### Activity
Please transcribe all of the entries exactly, leaving out any images.

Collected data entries

━━━━━━━━━━━━━━━━━━━━

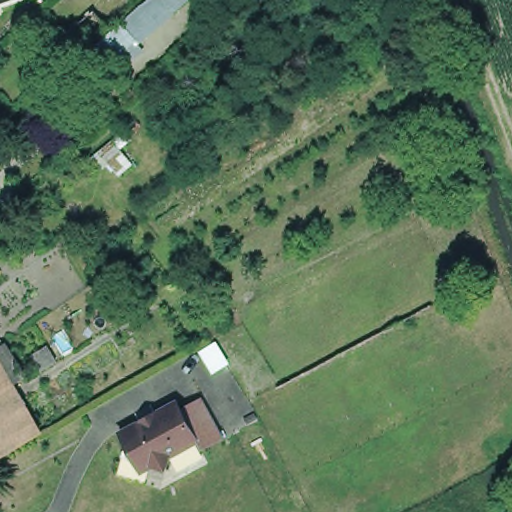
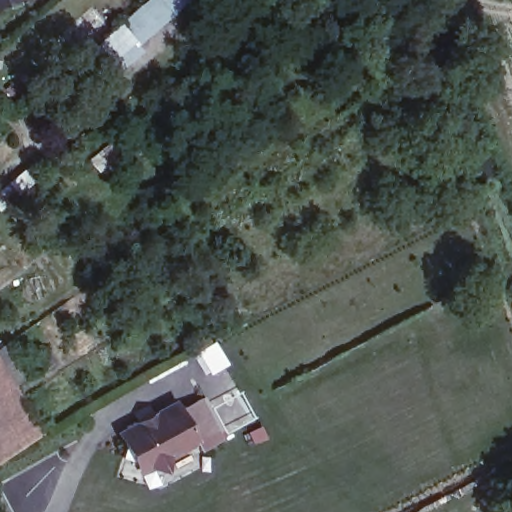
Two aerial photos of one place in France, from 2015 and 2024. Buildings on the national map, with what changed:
unchanged [(0,0),(20,0),(0,7),(0,0)]
unchanged [(102,72),(101,73),(88,78),(73,63),(85,53),(143,3),(147,0),(167,0),(175,8),(175,9),(160,22),(140,39),(145,46),(107,76),(102,72)]
unchanged [(174,0),(183,0),(178,5),(174,0)]
unchanged [(0,456),(0,363),(46,432),(0,456)]
unchanged [(165,469),(136,461),(121,457),(125,444),(118,433),(175,402),(179,410),(200,399),(212,420),(221,438),(200,450),(195,442),(168,455),(165,469)]

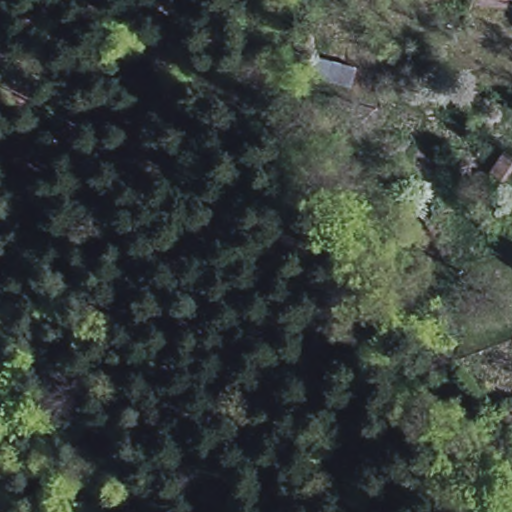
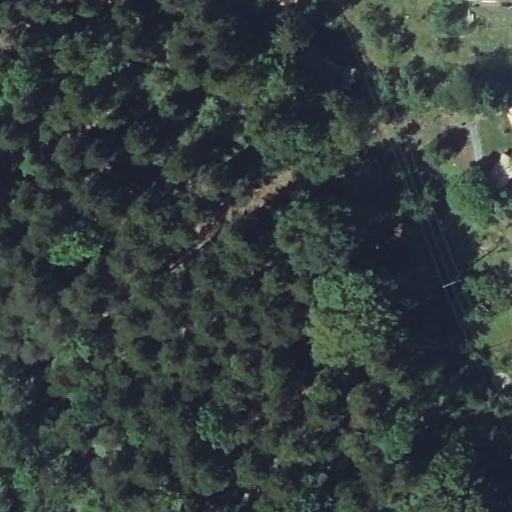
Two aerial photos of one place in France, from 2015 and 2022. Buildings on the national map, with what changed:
unchanged [(512,156),(512,168),(500,185),(488,178),(505,152),(512,156)]

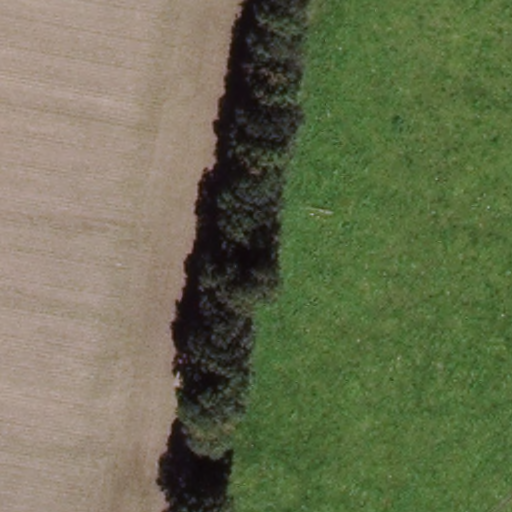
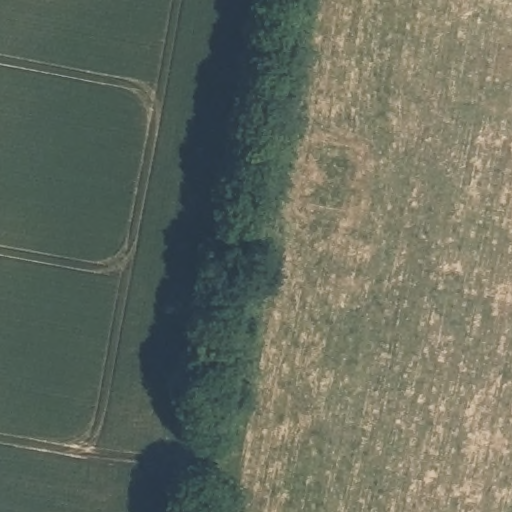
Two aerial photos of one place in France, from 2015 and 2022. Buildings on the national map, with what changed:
[]

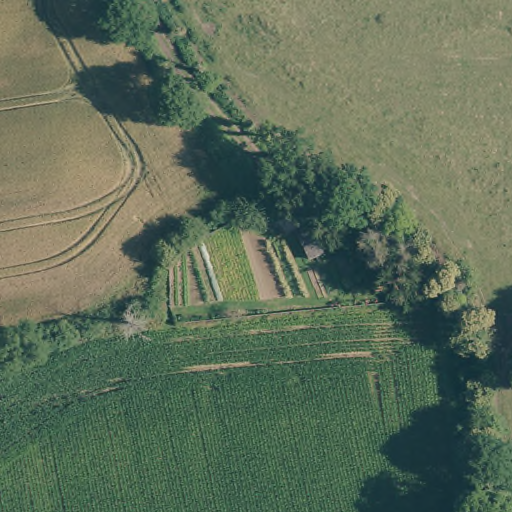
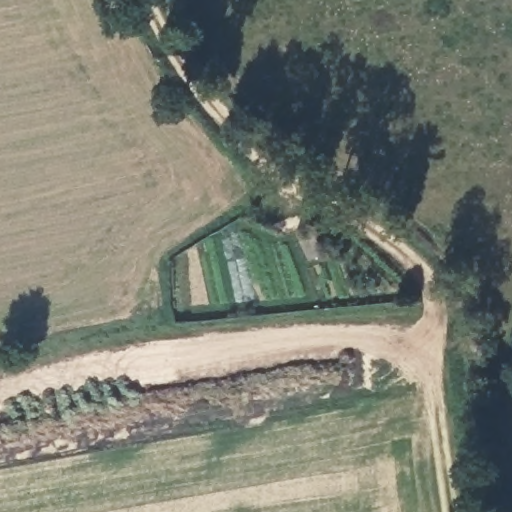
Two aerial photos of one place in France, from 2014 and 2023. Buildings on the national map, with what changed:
unchanged [(310,220),(324,250),(310,255),(296,227),(310,220)]

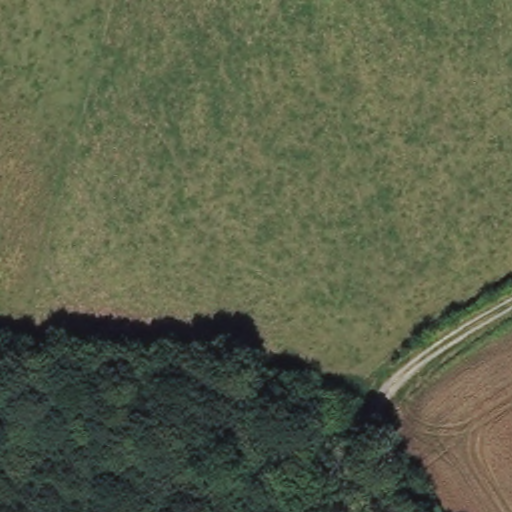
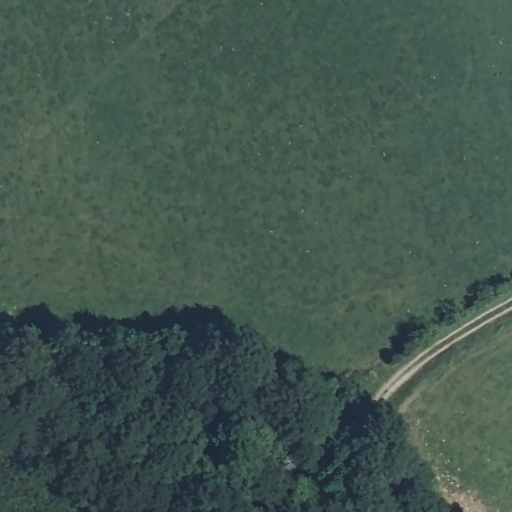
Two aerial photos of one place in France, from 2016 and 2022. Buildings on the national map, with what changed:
[]

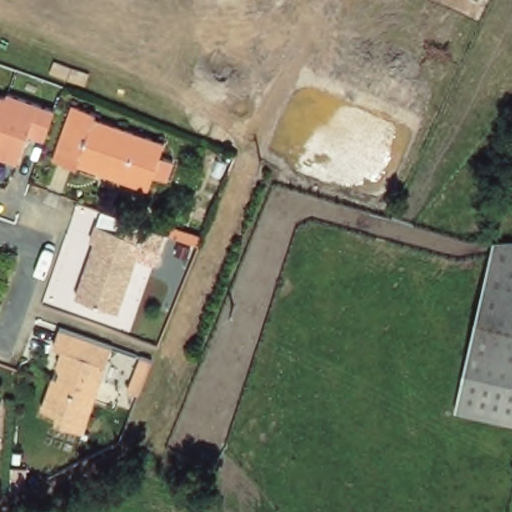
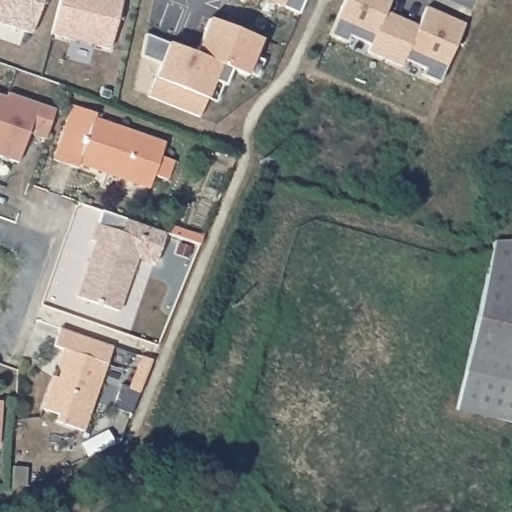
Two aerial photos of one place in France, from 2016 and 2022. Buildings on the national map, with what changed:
new [(0,22),(0,0),(43,0),(31,33),(0,22)]
new [(122,0),(110,49),(51,35),(60,0),(122,0)]
new [(247,0),(242,1),(242,0),(247,0)]
new [(305,0),(299,14),(268,0),(305,0)]
new [(386,11),(417,26),(426,7),(465,25),(440,83),(400,65),(403,59),(371,45),(368,51),(330,35),(345,0),(391,0),(386,11)]
new [(145,35),(195,55),(210,19),(261,40),(246,75),(230,69),(223,86),(212,82),(199,117),(146,96),(160,64),(141,56),(145,35)]
unchanged [(7,93),(55,110),(45,140),(27,134),(16,162),(0,156),(0,95),(6,97),(7,93)]
unchanged [(95,119),(94,124),(164,148),(159,162),(173,167),(166,185),(154,180),(149,192),(79,167),(76,172),(52,164),(71,110),(95,119)]
unchanged [(91,240),(97,222),(142,239),(117,311),(76,297),(95,240),(91,240)]
unchanged [(512,245),(512,386),(461,374),(460,374),(461,370),(488,245),(512,245)]
unchanged [(49,350),(55,331),(108,350),(77,435),(51,426),(54,418),(37,413),(48,381),(52,368),(57,353),(49,350)]
unchanged [(512,386),(512,427),(452,414),(461,374),(512,386)]
unchanged [(0,404),(2,404),(0,434),(0,404)]

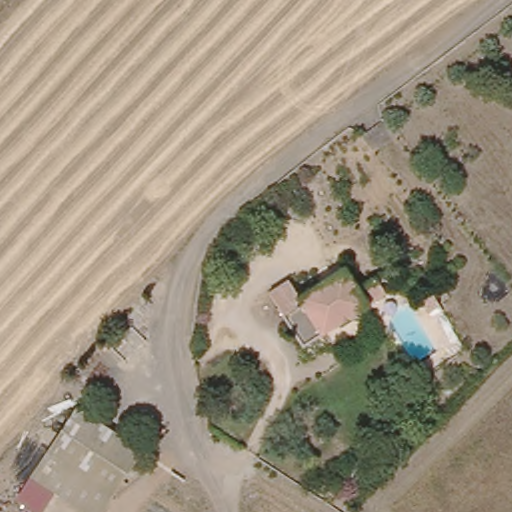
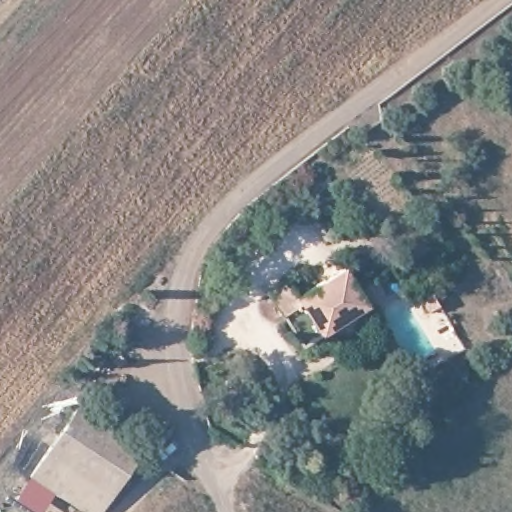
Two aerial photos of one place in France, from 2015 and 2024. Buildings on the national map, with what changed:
unchanged [(368,281),(376,297),(356,310),(294,348),(261,296),(281,283),(291,300),(334,272),(346,294),(368,281)]
unchanged [(112,488),(47,445),(76,402),(141,446),(112,488)]
unchanged [(112,488),(94,512),(92,512),(29,470),(47,445),(112,488)]

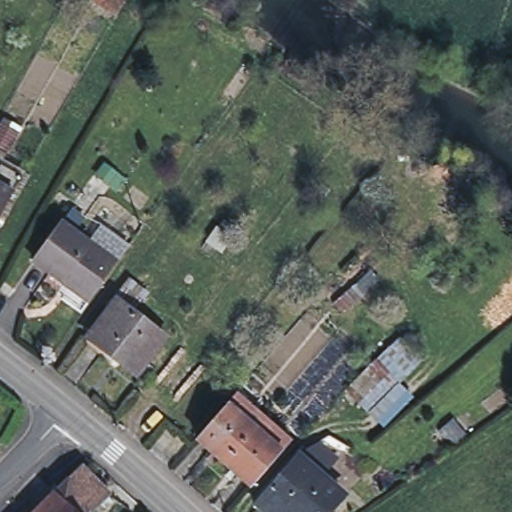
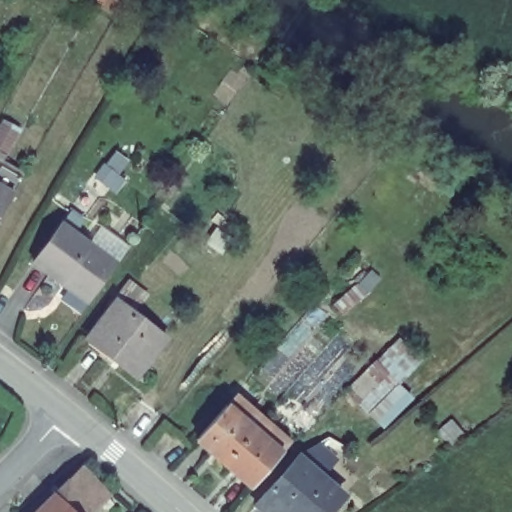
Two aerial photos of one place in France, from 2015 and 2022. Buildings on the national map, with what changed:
unchanged [(125,1),(116,17),(96,6),(99,0),(125,0),(125,1)]
unchanged [(13,195),(0,188),(0,125),(3,120),(20,130),(2,162),(25,176),(13,195)]
unchanged [(13,195),(0,217),(0,188),(13,195)]
unchanged [(57,280),(33,262),(61,224),(83,240),(100,252),(117,263),(91,299),(88,303),(73,292),(57,280)]
unchanged [(90,336),(118,302),(165,340),(135,377),(109,356),(87,339),(90,336)]
unchanged [(421,354),(400,382),(409,391),(379,425),(343,391),(378,361),(397,338),(421,354)]
unchanged [(196,440),(235,395),(263,418),(224,463),(196,440)]
unchanged [(290,442),(251,487),(224,463),(263,418),(290,442)]
unchanged [(263,497),(297,458),(344,497),(331,512),(280,512),(263,512),(256,506),(263,497)]
unchanged [(81,470),(110,498),(98,510),(95,512),(37,512),(61,489),(81,470)]

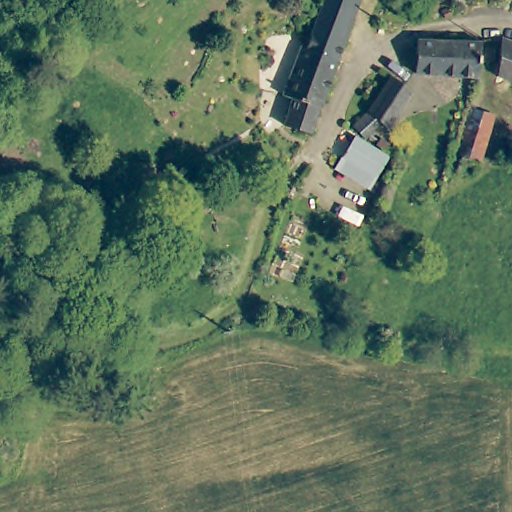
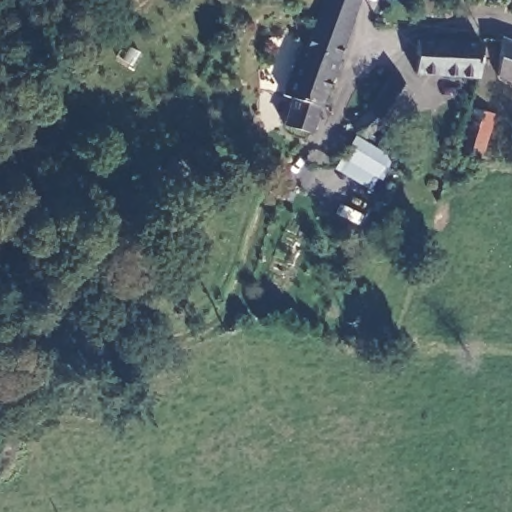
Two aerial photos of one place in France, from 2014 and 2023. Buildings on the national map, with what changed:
unchanged [(308,35),(322,0),(357,0),(340,47),(308,35)]
unchanged [(294,87),(285,85),(304,33),(308,35),(340,47),(323,96),(318,95),(309,120),(287,113),(294,87)]
unchanged [(419,37),(425,35),(477,34),(471,66),(420,68),(419,37)]
unchanged [(512,39),(512,78),(496,72),(499,34),(512,39)]
unchanged [(363,107),(387,74),(410,92),(385,125),(379,121),(365,136),(352,126),(366,109),(363,107)]
unchanged [(478,170),(456,162),(474,114),(495,123),(478,170)]
unchanged [(386,152),(371,191),(333,177),(350,137),(386,152)]

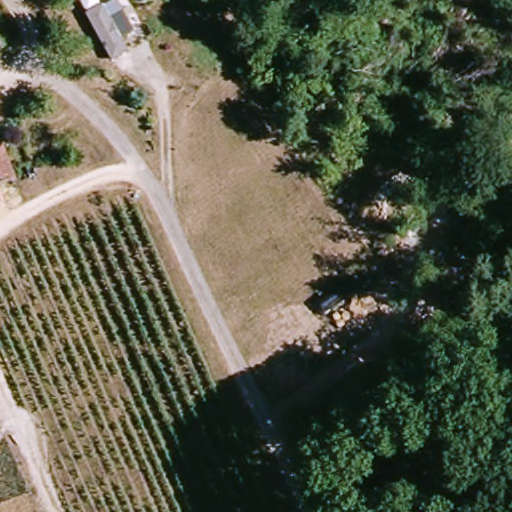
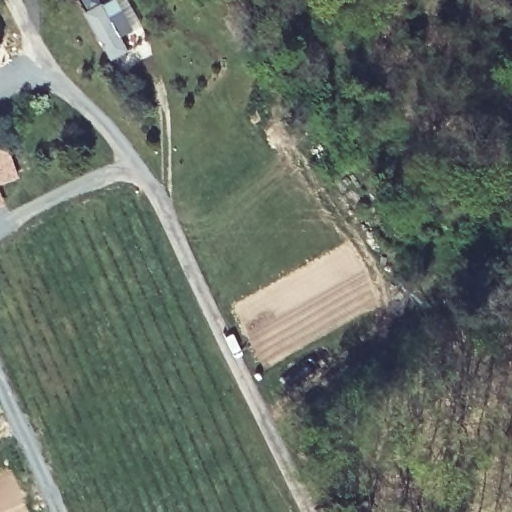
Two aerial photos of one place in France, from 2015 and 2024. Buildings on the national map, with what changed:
unchanged [(104,5),(112,0),(120,0),(135,31),(124,37),(131,52),(110,61),(81,0),(101,0),(104,5)]
unchanged [(11,183),(0,186),(0,154),(4,154),(11,183)]

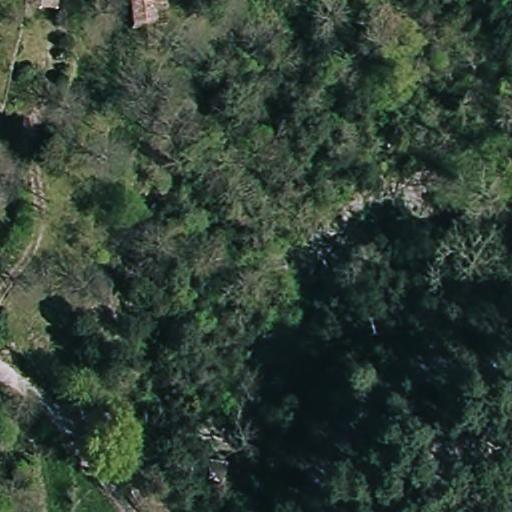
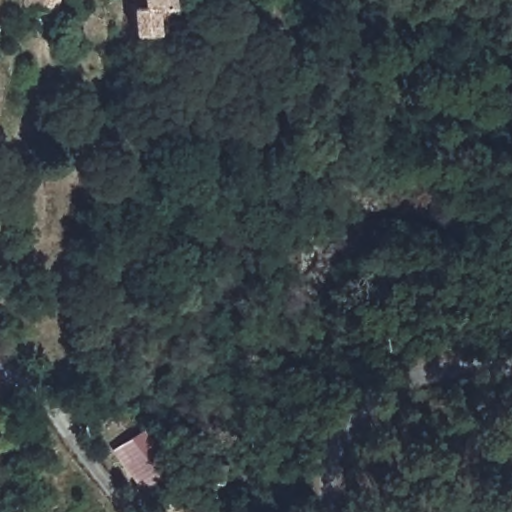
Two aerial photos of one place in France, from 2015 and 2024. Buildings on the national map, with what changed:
unchanged [(54,8),(22,5),(23,0),(55,0),(54,8)]
unchanged [(164,24),(158,25),(160,41),(147,42),(146,27),(129,30),(124,0),(161,0),(164,24)]
unchanged [(85,416),(97,407),(112,425),(119,433),(108,442),(101,435),(85,416)]
new [(139,430),(166,465),(140,486),(123,464),(128,460),(118,446),(139,430)]

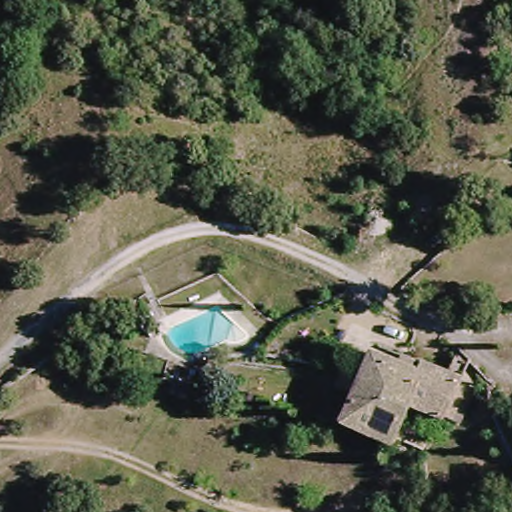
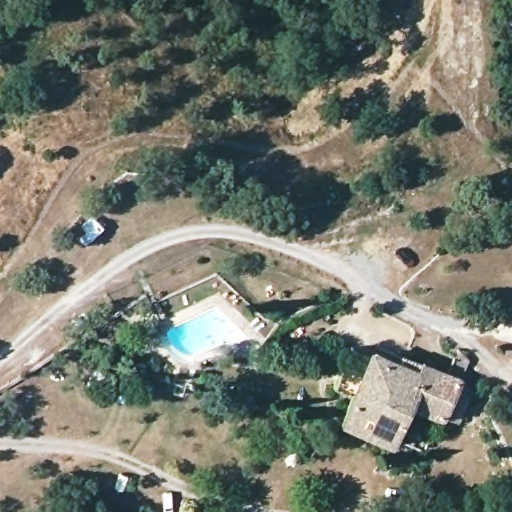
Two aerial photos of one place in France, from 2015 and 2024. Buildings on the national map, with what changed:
unchanged [(393,442),(343,424),(356,398),(376,354),(379,350),(416,362),(431,367),(413,407),(393,442)]
unchanged [(413,407),(431,367),(449,372),(467,379),(445,420),(413,407)]

━━━━━━━━━━━━━━━━━━━━

### Answer box
Two aerial photos of one place in France, from 2015 and 2024. Buildings on the national map, with what changed:
unchanged [(0,0),(20,0),(0,7),(0,0)]
unchanged [(102,72),(101,73),(88,78),(73,63),(85,53),(143,3),(147,0),(167,0),(175,8),(175,9),(160,22),(140,39),(145,46),(107,76),(102,72)]
unchanged [(174,0),(183,0),(178,5),(174,0)]
unchanged [(0,456),(0,363),(46,432),(0,456)]
unchanged [(165,469),(136,461),(121,457),(125,444),(118,433),(175,402),(179,410),(200,399),(212,420),(221,438),(200,450),(195,442),(168,455),(165,469)]

Two aerial photos of one place in France, from 2015 and 2022. Buildings on the national map, with what changed:
unchanged [(512,156),(512,168),(500,185),(488,178),(505,152),(512,156)]

Two aerial photos of one place in France, from 2015 and 2022. Buildings on the national map, with what changed:
[]

Two aerial photos of one place in France, from 2014 and 2023. Buildings on the national map, with what changed:
unchanged [(310,220),(324,250),(310,255),(296,227),(310,220)]

Two aerial photos of one place in France, from 2016 and 2022. Buildings on the national map, with what changed:
[]

Two aerial photos of one place in France, from 2016 and 2022. Buildings on the national map, with what changed:
new [(0,22),(0,0),(43,0),(31,33),(0,22)]
new [(122,0),(110,49),(51,35),(60,0),(122,0)]
new [(247,0),(242,1),(242,0),(247,0)]
new [(305,0),(299,14),(268,0),(305,0)]
new [(386,11),(417,26),(426,7),(465,25),(440,83),(400,65),(403,59),(371,45),(368,51),(330,35),(345,0),(391,0),(386,11)]
new [(145,35),(195,55),(210,19),(261,40),(246,75),(230,69),(223,86),(212,82),(199,117),(146,96),(160,64),(141,56),(145,35)]
unchanged [(7,93),(55,110),(45,140),(27,134),(16,162),(0,156),(0,95),(6,97),(7,93)]
unchanged [(95,119),(94,124),(164,148),(159,162),(173,167),(166,185),(154,180),(149,192),(79,167),(76,172),(52,164),(71,110),(95,119)]
unchanged [(91,240),(97,222),(142,239),(117,311),(76,297),(95,240),(91,240)]
unchanged [(512,245),(512,386),(461,374),(460,374),(461,370),(488,245),(512,245)]
unchanged [(49,350),(55,331),(108,350),(77,435),(51,426),(54,418),(37,413),(48,381),(52,368),(57,353),(49,350)]
unchanged [(512,386),(512,427),(452,414),(461,374),(512,386)]
unchanged [(0,404),(2,404),(0,434),(0,404)]

Two aerial photos of one place in France, from 2015 and 2024. Buildings on the national map, with what changed:
unchanged [(368,281),(376,297),(356,310),(294,348),(261,296),(281,283),(291,300),(334,272),(346,294),(368,281)]
unchanged [(112,488),(47,445),(76,402),(141,446),(112,488)]
unchanged [(112,488),(94,512),(92,512),(29,470),(47,445),(112,488)]

Two aerial photos of one place in France, from 2015 and 2022. Buildings on the national map, with what changed:
unchanged [(125,1),(116,17),(96,6),(99,0),(125,0),(125,1)]
unchanged [(13,195),(0,188),(0,125),(3,120),(20,130),(2,162),(25,176),(13,195)]
unchanged [(13,195),(0,217),(0,188),(13,195)]
unchanged [(57,280),(33,262),(61,224),(83,240),(100,252),(117,263),(91,299),(88,303),(73,292),(57,280)]
unchanged [(90,336),(118,302),(165,340),(135,377),(109,356),(87,339),(90,336)]
unchanged [(421,354),(400,382),(409,391),(379,425),(343,391),(378,361),(397,338),(421,354)]
unchanged [(196,440),(235,395),(263,418),(224,463),(196,440)]
unchanged [(290,442),(251,487),(224,463),(263,418),(290,442)]
unchanged [(263,497),(297,458),(344,497),(331,512),(280,512),(263,512),(256,506),(263,497)]
unchanged [(81,470),(110,498),(98,510),(95,512),(37,512),(61,489),(81,470)]

Two aerial photos of one place in France, from 2014 and 2023. Buildings on the national map, with what changed:
unchanged [(308,35),(322,0),(357,0),(340,47),(308,35)]
unchanged [(294,87),(285,85),(304,33),(308,35),(340,47),(323,96),(318,95),(309,120),(287,113),(294,87)]
unchanged [(419,37),(425,35),(477,34),(471,66),(420,68),(419,37)]
unchanged [(512,39),(512,78),(496,72),(499,34),(512,39)]
unchanged [(363,107),(387,74),(410,92),(385,125),(379,121),(365,136),(352,126),(366,109),(363,107)]
unchanged [(478,170),(456,162),(474,114),(495,123),(478,170)]
unchanged [(386,152),(371,191),(333,177),(350,137),(386,152)]

Two aerial photos of one place in France, from 2015 and 2024. Buildings on the national map, with what changed:
unchanged [(104,5),(112,0),(120,0),(135,31),(124,37),(131,52),(110,61),(81,0),(101,0),(104,5)]
unchanged [(11,183),(0,186),(0,154),(4,154),(11,183)]

Two aerial photos of one place in France, from 2015 and 2024. Buildings on the national map, with what changed:
unchanged [(54,8),(22,5),(23,0),(55,0),(54,8)]
unchanged [(164,24),(158,25),(160,41),(147,42),(146,27),(129,30),(124,0),(161,0),(164,24)]
unchanged [(85,416),(97,407),(112,425),(119,433),(108,442),(101,435),(85,416)]
new [(139,430),(166,465),(140,486),(123,464),(128,460),(118,446),(139,430)]

Two aerial photos of one place in France, from 2015 and 2024. Buildings on the national map, with what changed:
unchanged [(393,442),(343,424),(356,398),(376,354),(379,350),(416,362),(431,367),(413,407),(393,442)]
unchanged [(413,407),(431,367),(449,372),(467,379),(445,420),(413,407)]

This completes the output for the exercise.